What to work on: After locating the line that contains "After image 1, 2.2 seconds have passed.", transcribe exactly that line and each one after it until the data ends, skipping pictures.

Given data:
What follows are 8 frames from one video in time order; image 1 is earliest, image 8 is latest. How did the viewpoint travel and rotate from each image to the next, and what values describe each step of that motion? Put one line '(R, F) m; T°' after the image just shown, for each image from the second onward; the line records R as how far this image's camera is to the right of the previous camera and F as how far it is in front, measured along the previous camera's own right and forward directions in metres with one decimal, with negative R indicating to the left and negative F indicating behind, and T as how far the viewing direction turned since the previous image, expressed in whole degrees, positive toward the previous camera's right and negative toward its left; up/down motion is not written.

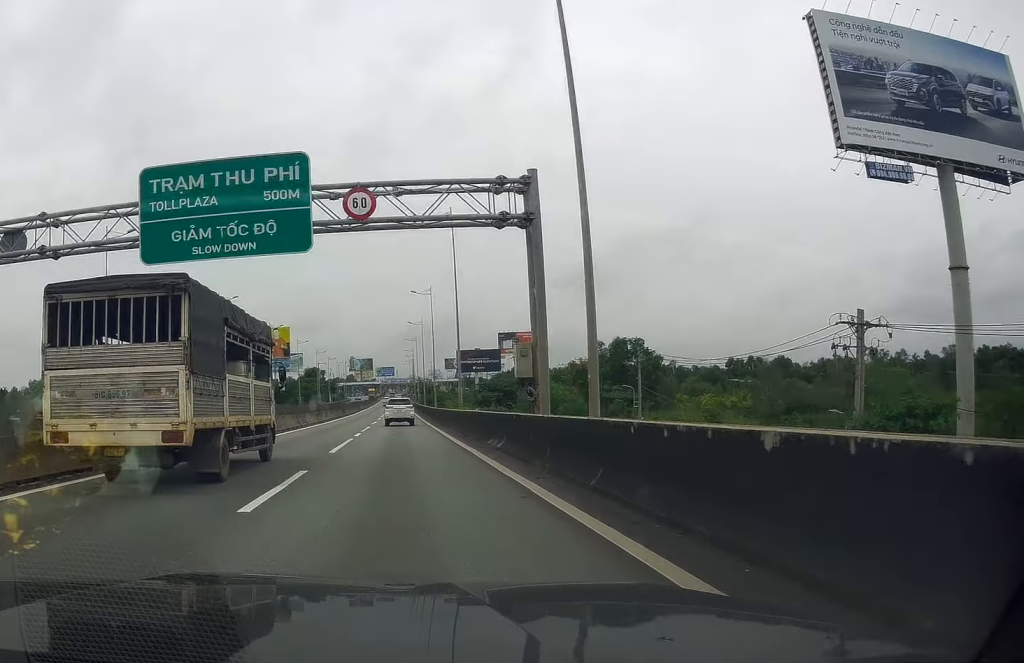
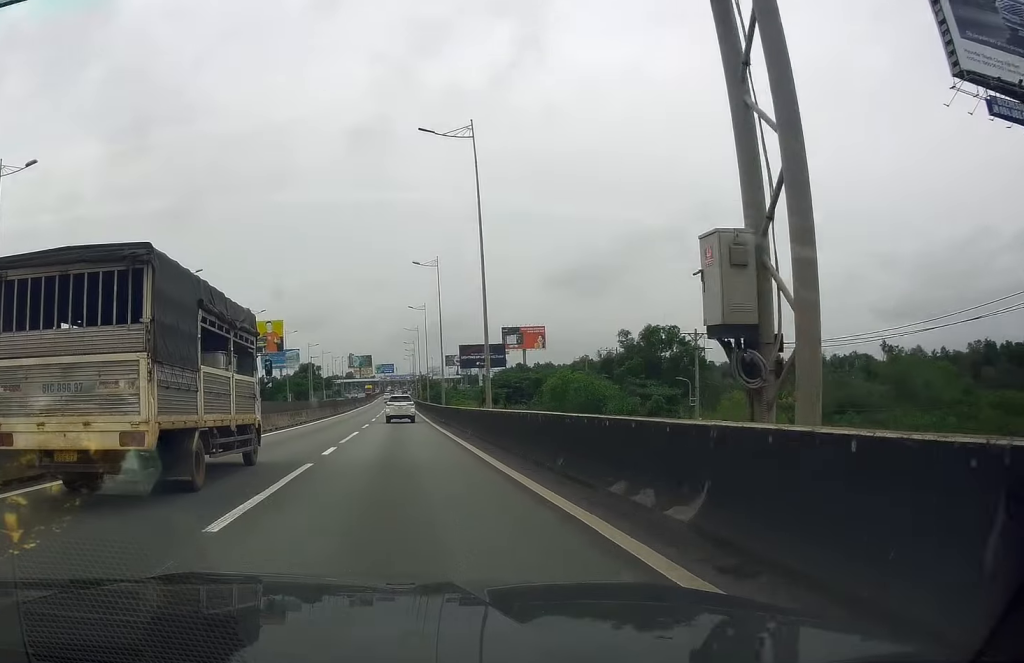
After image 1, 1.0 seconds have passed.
(-0.5, +14.3) m; 0°
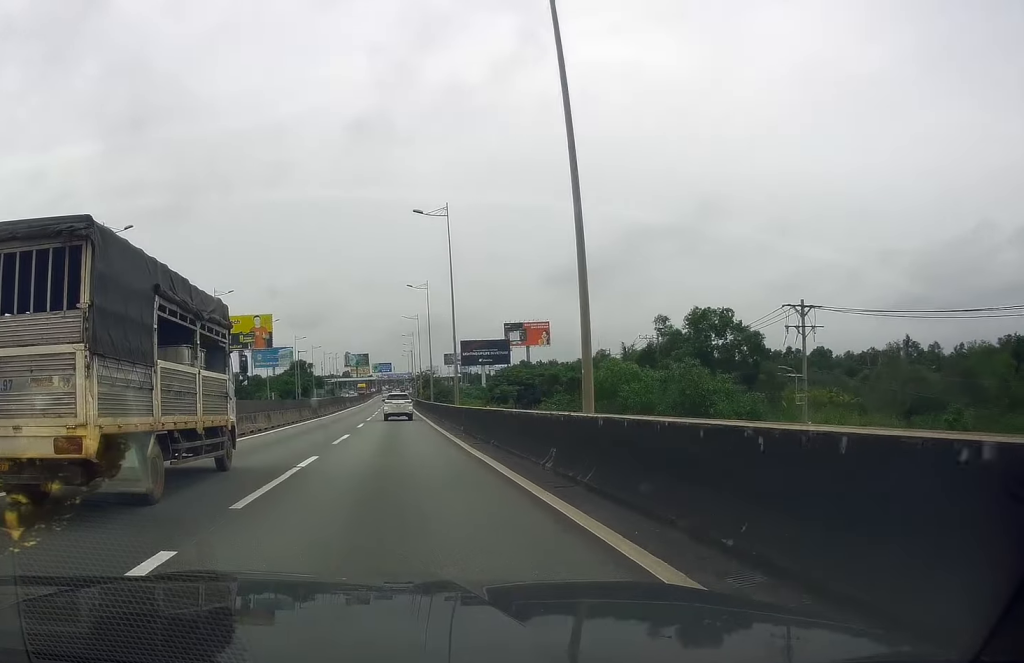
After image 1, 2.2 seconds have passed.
(+0.4, +16.4) m; 0°
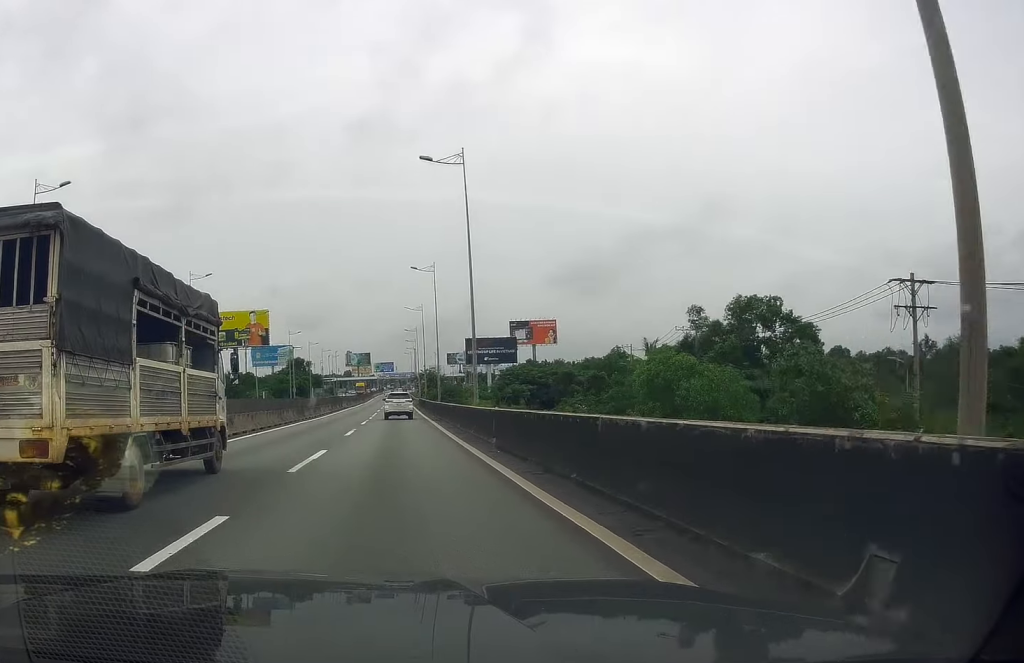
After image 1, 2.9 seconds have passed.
(-0.4, +10.5) m; 0°
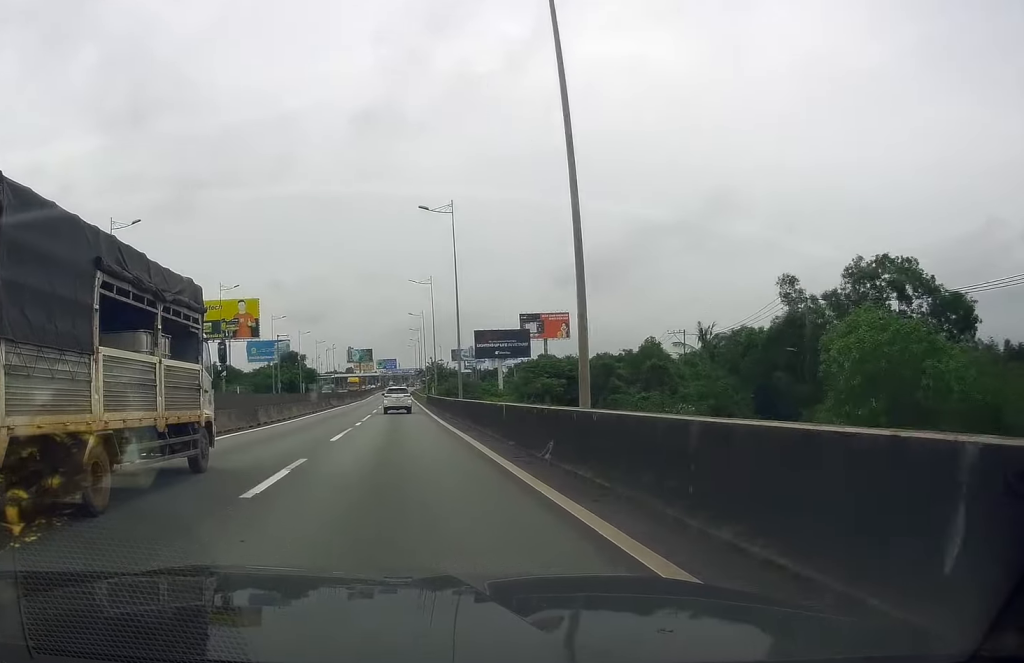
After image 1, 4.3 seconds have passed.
(+0.3, +19.8) m; 0°
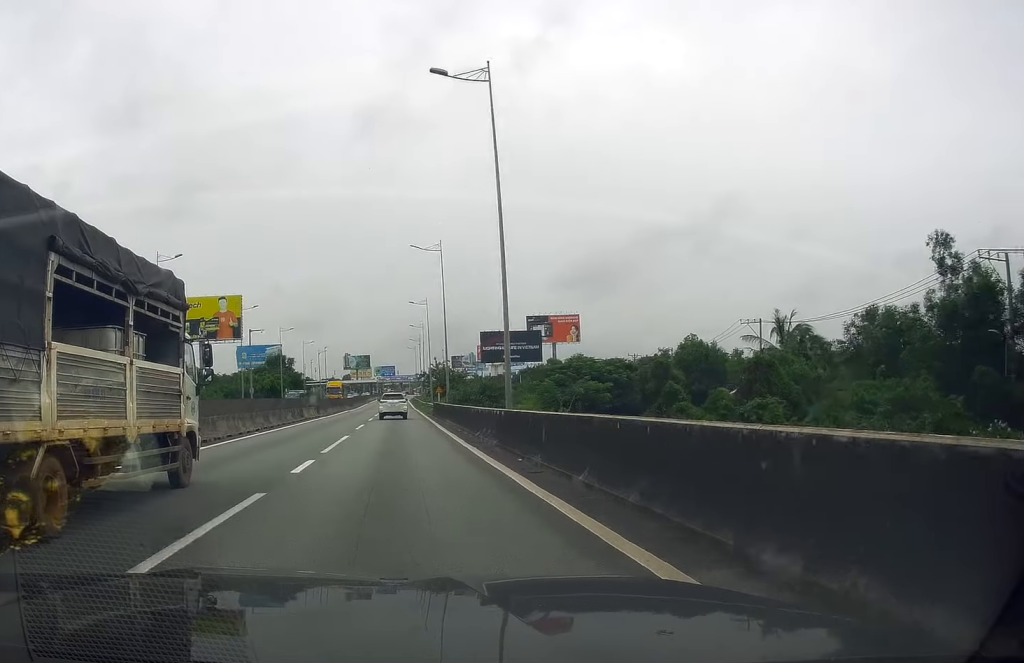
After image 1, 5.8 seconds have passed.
(-0.1, +19.3) m; 0°
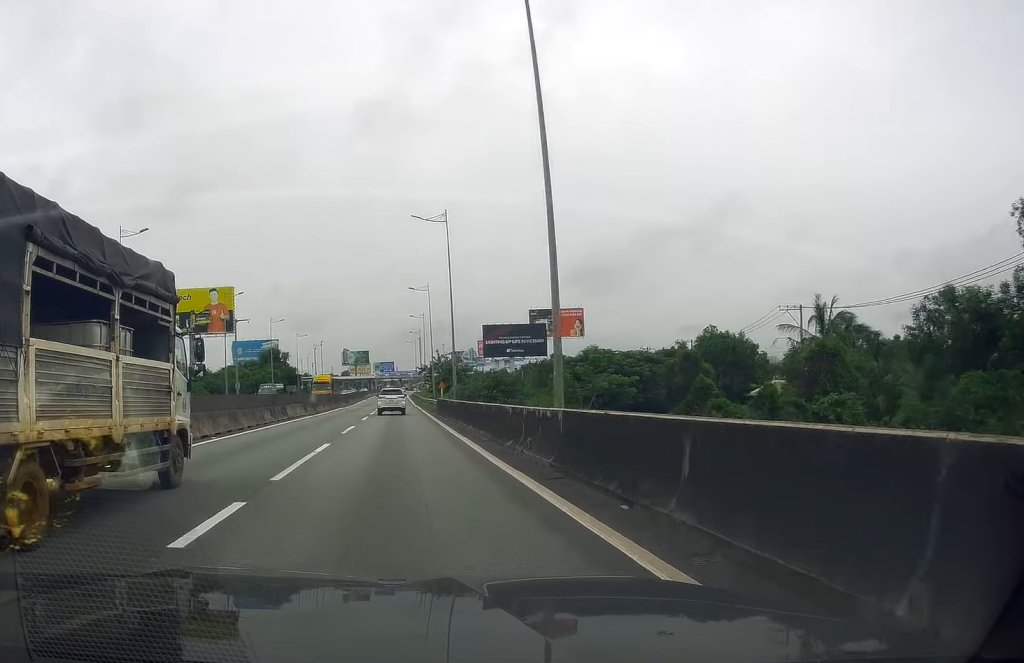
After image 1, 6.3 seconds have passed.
(+0.1, +7.8) m; 0°
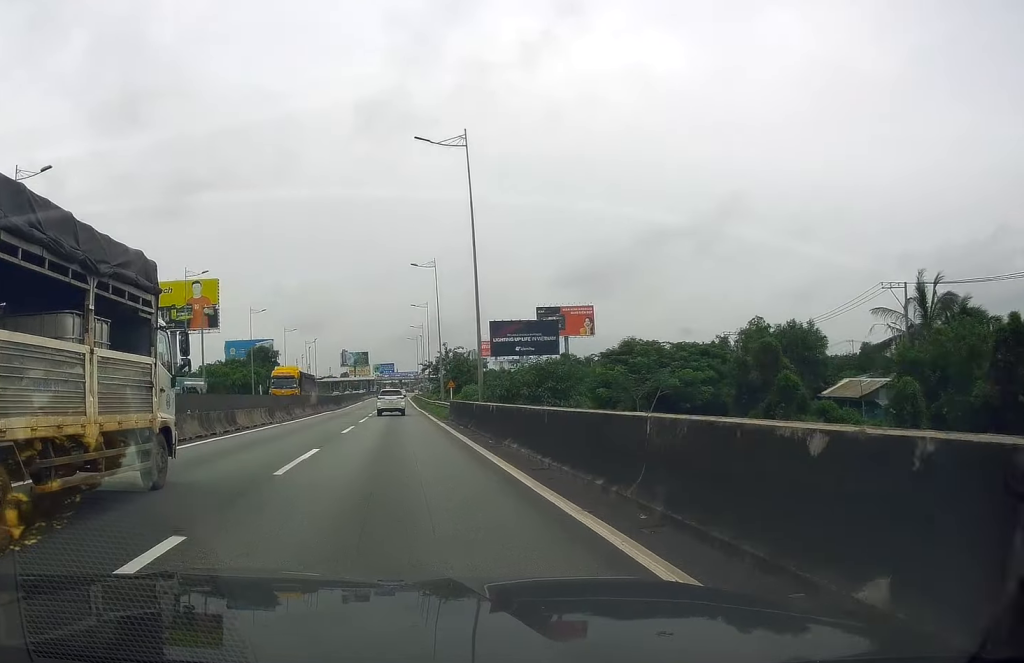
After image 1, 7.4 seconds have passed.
(-0.3, +14.2) m; 0°

Output for this task:
After image 1, 2.2 seconds have passed.
(+0.4, +16.4) m; 0°
After image 1, 2.9 seconds have passed.
(-0.4, +10.5) m; 0°
After image 1, 4.3 seconds have passed.
(+0.3, +19.8) m; 0°
After image 1, 5.8 seconds have passed.
(-0.1, +19.3) m; 0°
After image 1, 6.3 seconds have passed.
(+0.1, +7.8) m; 0°
After image 1, 7.4 seconds have passed.
(-0.3, +14.2) m; 0°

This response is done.